For me -- and I'm guessing for other folks of a certain age who once called Columbus home -- walking around Uptown can be a melancholy journey into the past. It's filled with warm and mostly happy memories, especially for members of the Jewish community whose relatives owned and operated a vast assortment of shops and businesses here.

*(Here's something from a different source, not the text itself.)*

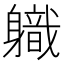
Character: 軄
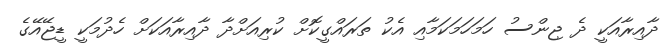
ދާއިރާއަކީ ދެ ޖިންސު ހަަމަހަމަކަމާއި އެކު ތަރައްގީކޮށް ކުރިއަށްދާ ދާއިރާއަކަށް ހެދުމަކީ ޑީޖޭއޭގެ

My father owned a pawn shop on First Avenue. It was next to Suran's Furniture Store, which was around the corner from the Kravtin's Novelty Shop on Broadway. Next door were a cluster of businesses -- Blue Ribbon Shoes, Rainbow's Department Store and Tots and Teens -- all owned and operated by the Rainbow and Shapiro families.

Nearby, on the same block, was Aaron Funk's United Jewelers, Gus Mendelson's Fox's Pawn Shop and Sol and Harry's, a hugely successful clothing store owned by Sol and Harry Cohn. A block north was Phil Pomerance's Kiddie Shop, Charlie Stein's Huddle Shop and Victor Kiralfy's woman's store.

Turn the corner at 11th Street and walk a block east past Kirven's department store and Federal Bakery and you'd be just across the street from Miller's Delicatessen, home of the best corned beef sandwich (possibly the only corned beef sandwich) to be found in Georgia south of Leb's in Atlanta.

The businesses are gone, replaced by Uptown's move into the 21st Century. The changes, wow factor and all, can be a bit jarring and unsettling. Certainly what's become of my father's business is notable. All that remains of Central Pawn Shop today is its address, 1023, updated and prominently displayed across a green awning that welcomes folks to "The Abbey".

Turns out what was once a pawn shop is now a ministry for young adults, providing prayer, meals and financial support. Now that I think about it, nothing much has really changed. Given my dad's warm heart and caring soul, I'm pretty certain he was doing the same sort of mission work years ago in his little store.